[The problem] Set the material down again exactly, line by line, skipping each picture.

[Records shown]
# # # #

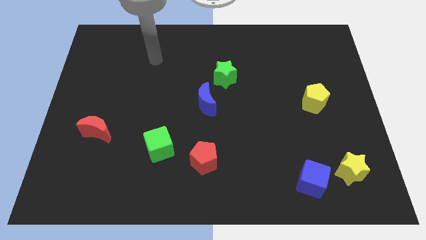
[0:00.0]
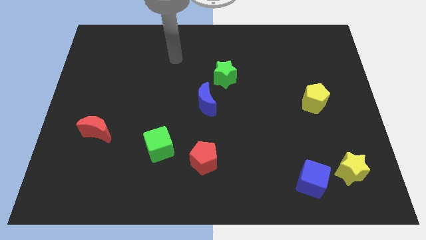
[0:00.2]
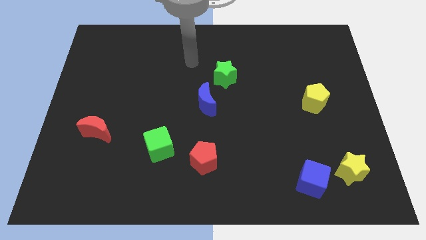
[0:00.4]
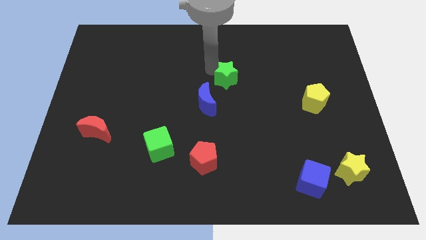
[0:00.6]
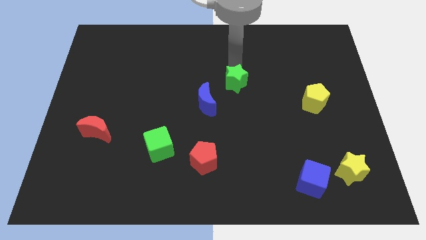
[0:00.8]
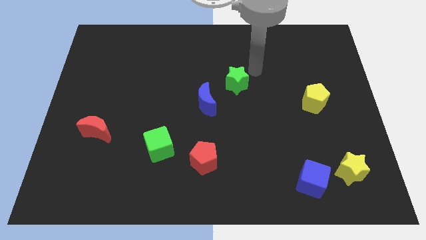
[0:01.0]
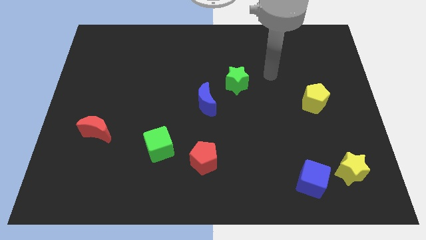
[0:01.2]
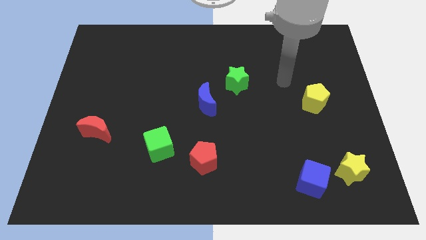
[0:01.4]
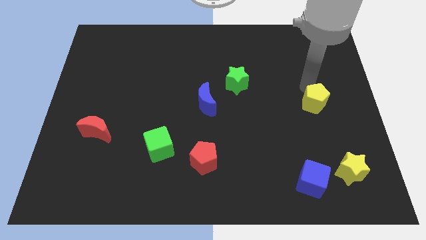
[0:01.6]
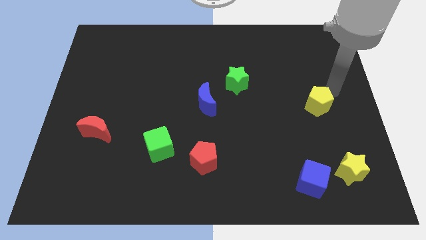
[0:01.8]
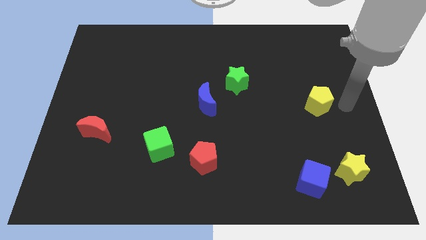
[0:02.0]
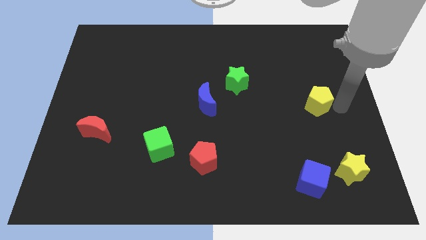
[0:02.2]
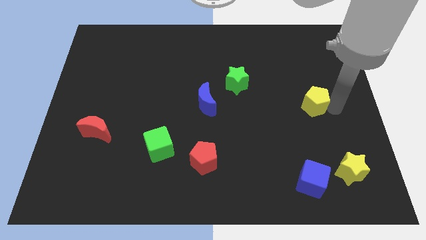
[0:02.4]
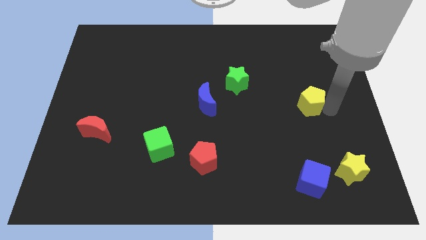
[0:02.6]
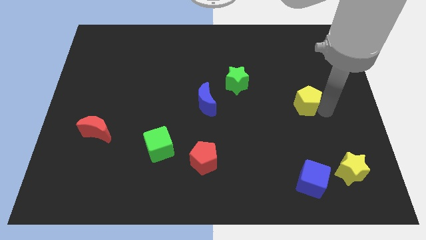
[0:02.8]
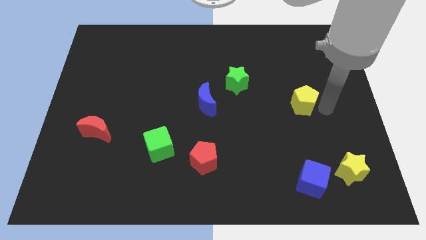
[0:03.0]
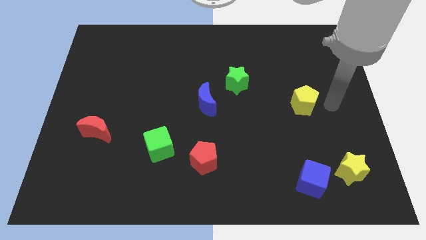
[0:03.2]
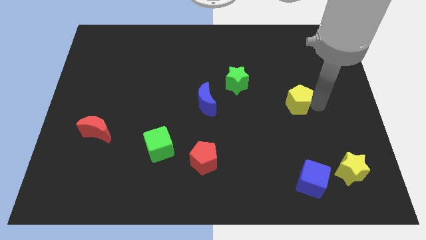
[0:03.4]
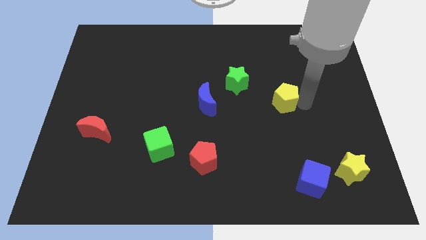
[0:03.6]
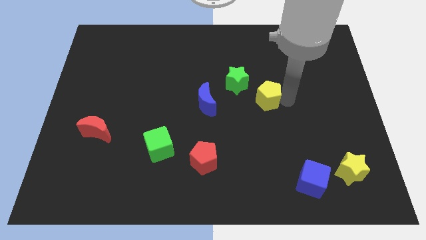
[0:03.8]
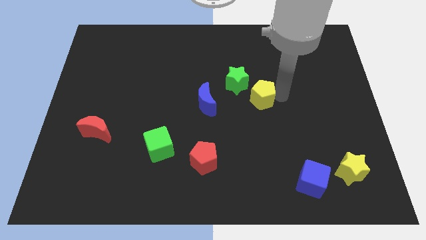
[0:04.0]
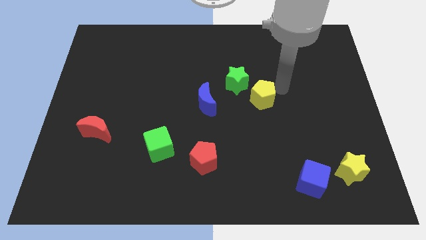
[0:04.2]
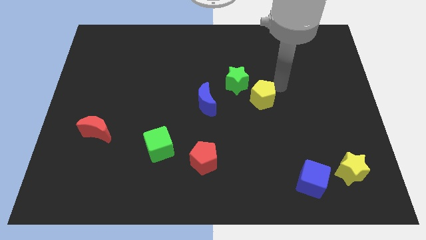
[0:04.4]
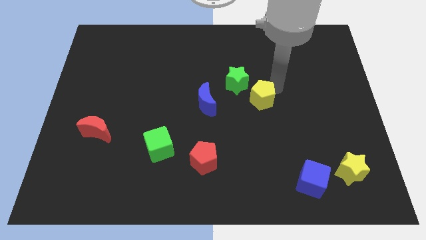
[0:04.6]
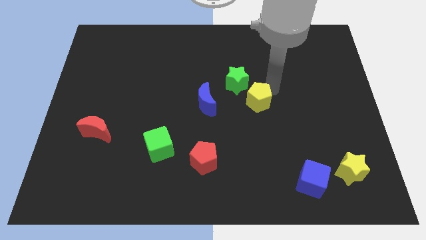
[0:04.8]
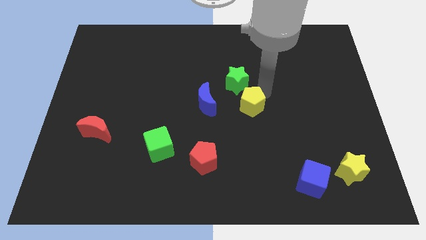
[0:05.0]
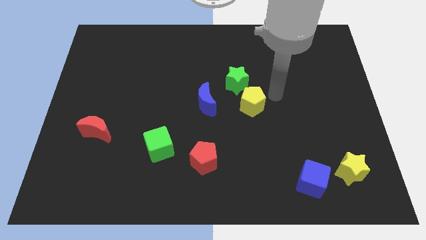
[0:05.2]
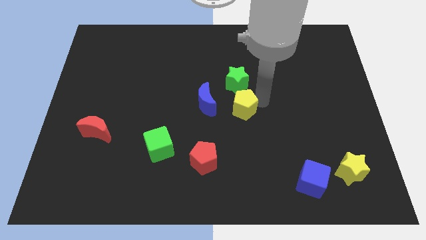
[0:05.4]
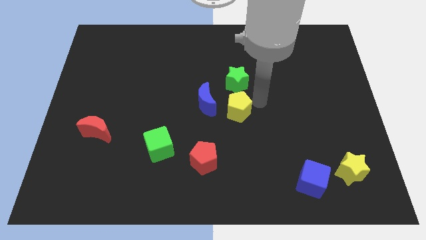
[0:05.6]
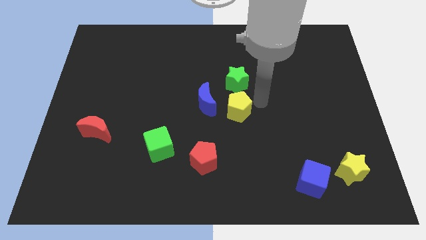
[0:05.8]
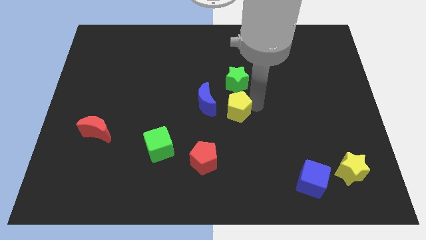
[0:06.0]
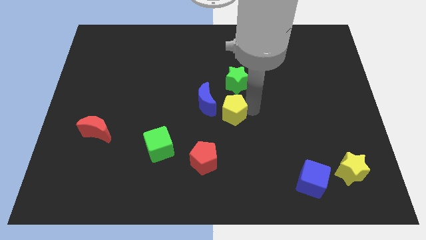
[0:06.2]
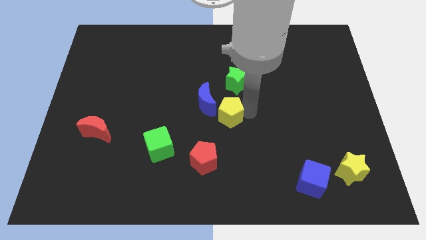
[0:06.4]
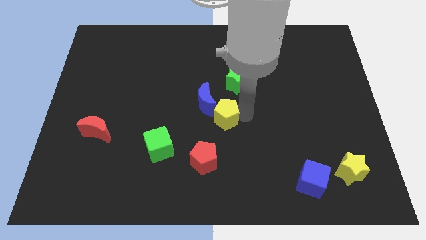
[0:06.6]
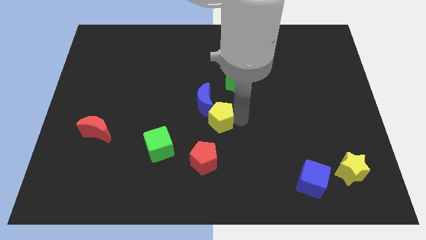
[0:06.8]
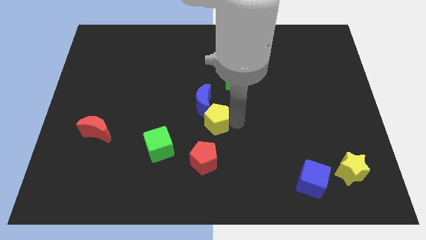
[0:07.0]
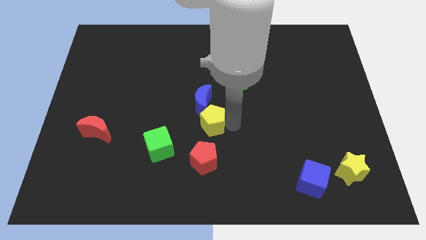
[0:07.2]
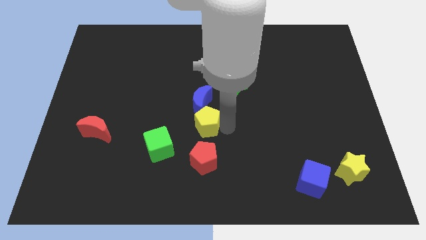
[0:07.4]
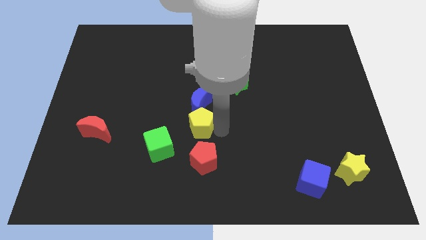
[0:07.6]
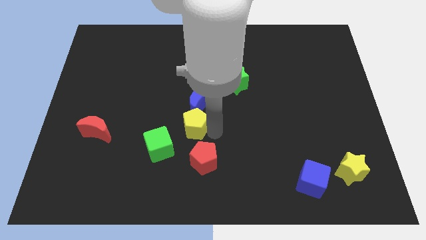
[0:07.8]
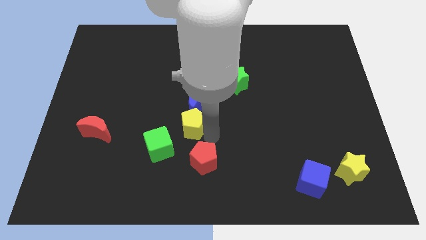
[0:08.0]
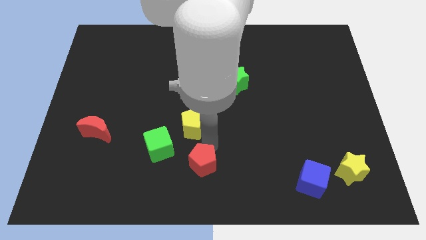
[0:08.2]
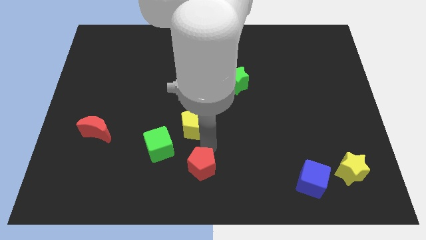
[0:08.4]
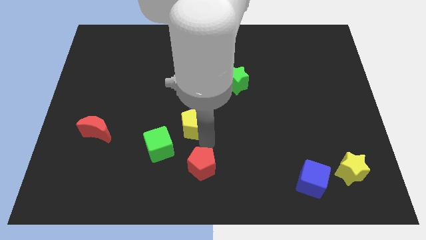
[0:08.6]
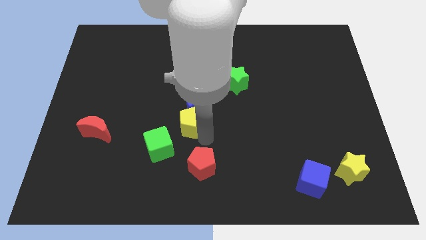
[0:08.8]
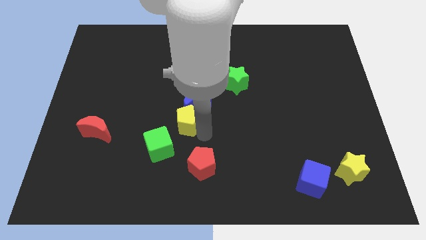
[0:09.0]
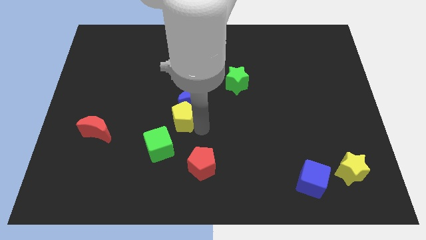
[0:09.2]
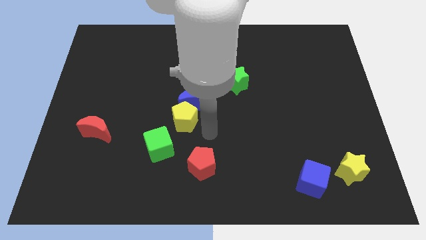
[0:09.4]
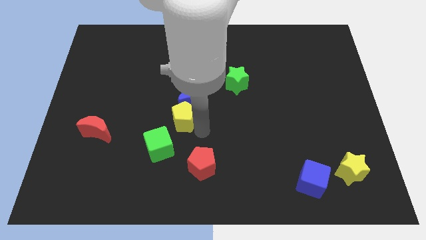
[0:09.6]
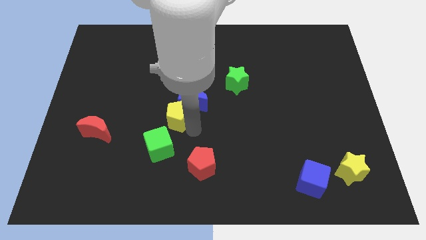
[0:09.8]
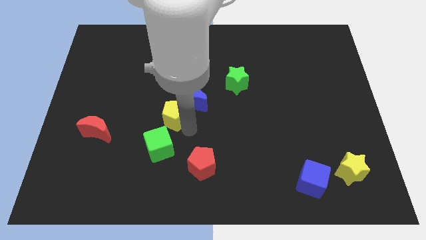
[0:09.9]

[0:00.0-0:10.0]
move the yellow pentagon to the left of the blue moon

# # # #

[Completed task]
[0:00.0]
[0:00.2]
[0:00.4]
[0:00.6]
[0:00.8]
[0:01.0]
[0:01.2]
[0:01.4]
[0:01.6]
[0:01.8]
[0:02.0]
[0:02.2]
[0:02.4]
[0:02.6]
[0:02.8]
[0:03.0]
[0:03.2]
[0:03.4]
[0:03.6]
[0:03.8]
[0:04.0]
[0:04.2]
[0:04.4]
[0:04.6]
[0:04.8]
[0:05.0]
[0:05.2]
[0:05.4]
[0:05.6]
[0:05.8]
[0:06.0]
[0:06.2]
[0:06.4]
[0:06.6]
[0:06.8]
[0:07.0]
[0:07.2]
[0:07.4]
[0:07.6]
[0:07.8]
[0:08.0]
[0:08.2]
[0:08.4]
[0:08.6]
[0:08.8]
[0:09.0]
[0:09.2]
[0:09.4]
[0:09.6]
[0:09.8]
[0:09.9]

[0:00.0-0:10.0]
move the yellow pentagon to the left of the blue moon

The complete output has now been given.